+++ Information +++

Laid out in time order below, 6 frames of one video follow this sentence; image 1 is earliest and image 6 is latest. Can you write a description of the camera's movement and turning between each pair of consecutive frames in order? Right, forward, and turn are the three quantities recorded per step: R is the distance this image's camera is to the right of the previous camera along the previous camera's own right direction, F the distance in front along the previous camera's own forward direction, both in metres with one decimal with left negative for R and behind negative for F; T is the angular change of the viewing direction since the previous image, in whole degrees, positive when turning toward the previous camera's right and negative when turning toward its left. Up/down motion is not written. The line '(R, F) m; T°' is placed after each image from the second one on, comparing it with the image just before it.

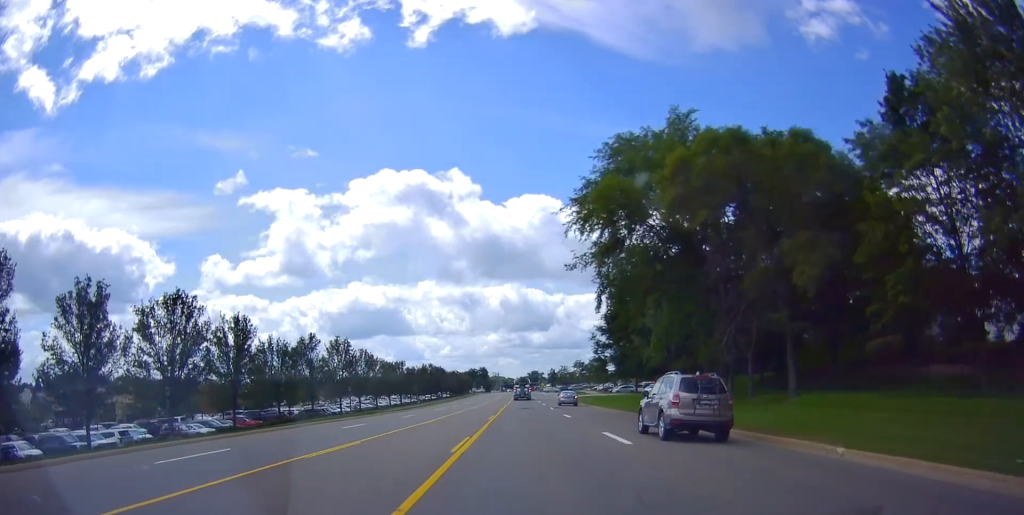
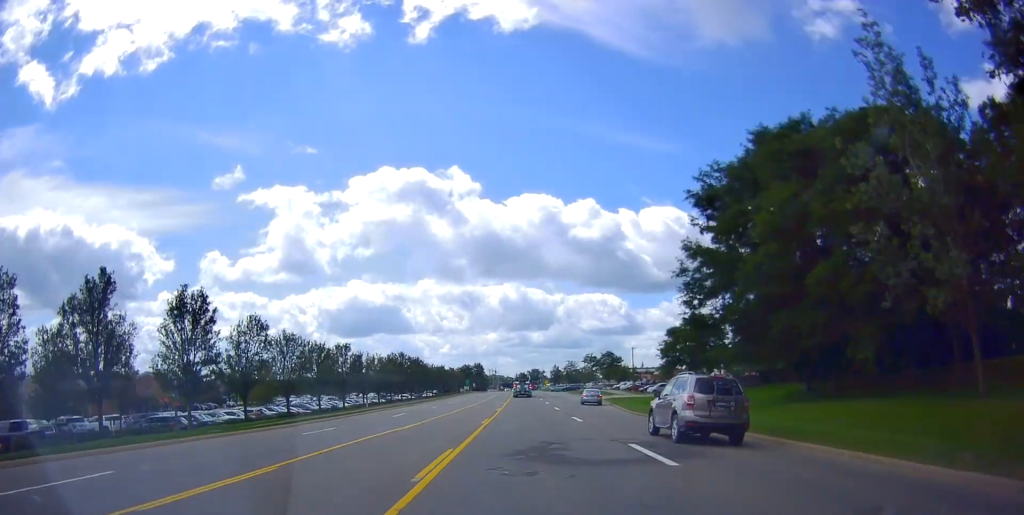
(-0.4, +37.2) m; -2°
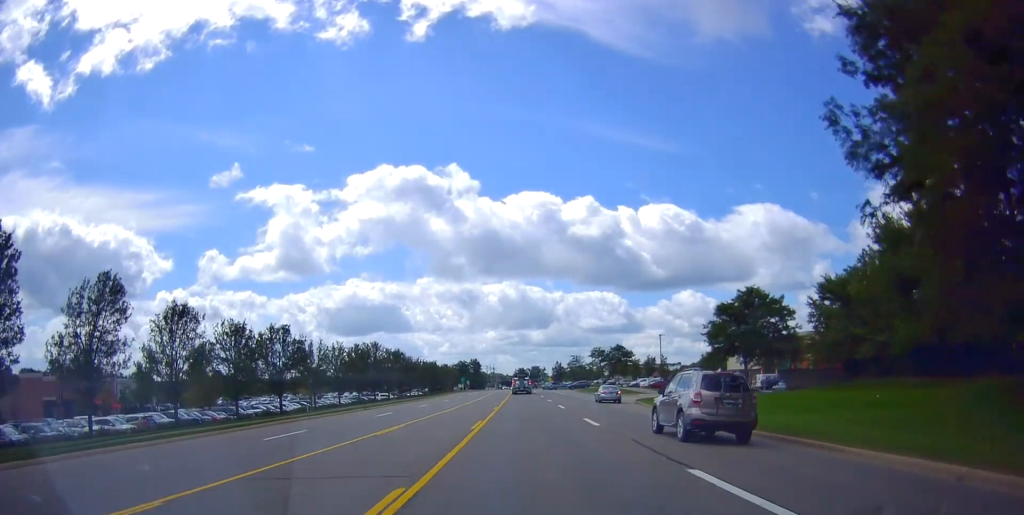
(-0.1, +20.6) m; +1°
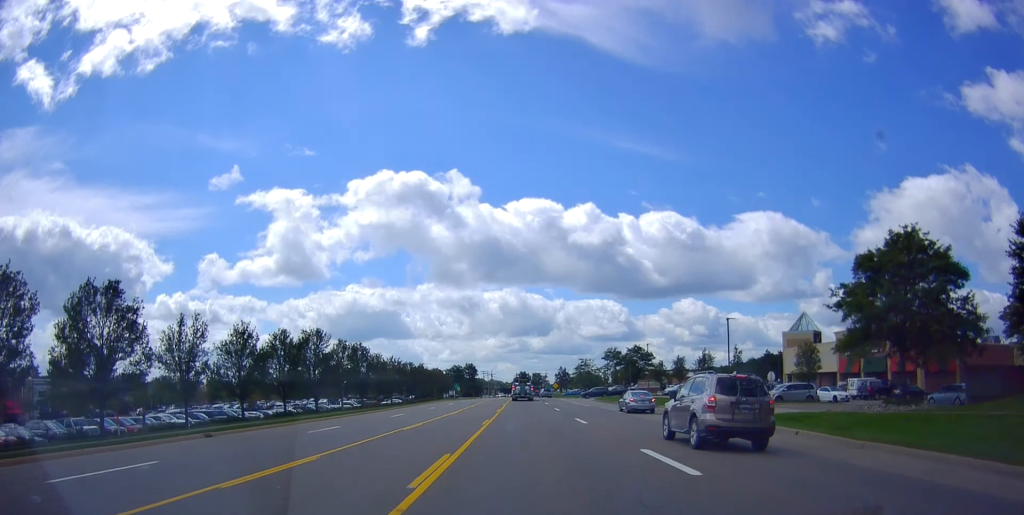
(+0.7, +26.9) m; 0°
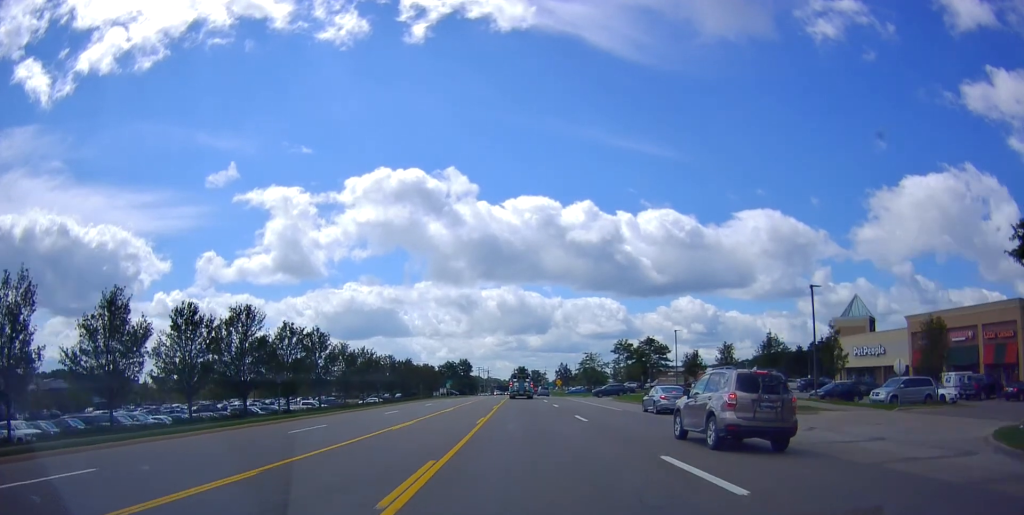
(-0.5, +17.3) m; 0°
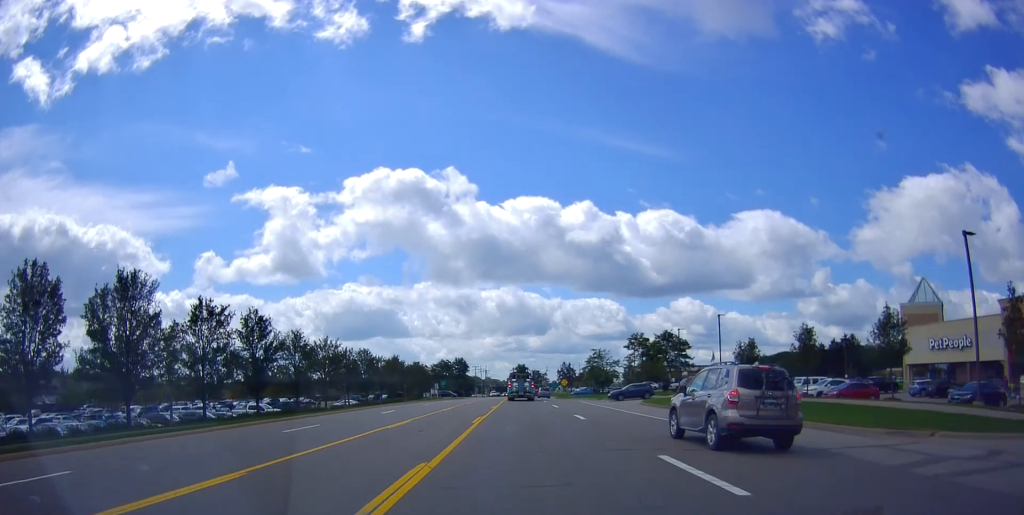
(+0.2, +17.1) m; 0°

+++

Repeat all of the data above word for word, minus the pictures.

Answer to the exercise:
Laid out in time order below, 6 frames of one video follow this sentence; image 1 is earliest and image 6 is latest. Can you write a description of the camera's movement and turning between each pair of consecutive frames in order? Right, forward, and turn are the three quantities recorded per step: R is the distance this image's camera is to the right of the previous camera along the previous camera's own right direction, F the distance in front along the previous camera's own forward direction, both in metres with one decimal with left negative for R and behind negative for F; T is the angular change of the viewing direction since the previous image, in whole degrees, positive when turning toward the previous camera's right and negative when turning toward its left. Up/down motion is not written. The line '(R, F) m; T°' is placed after each image from the second one on, comparing it with the image just before it.

(-0.4, +37.2) m; -2°
(-0.1, +20.6) m; +1°
(+0.7, +26.9) m; 0°
(-0.5, +17.3) m; 0°
(+0.2, +17.1) m; 0°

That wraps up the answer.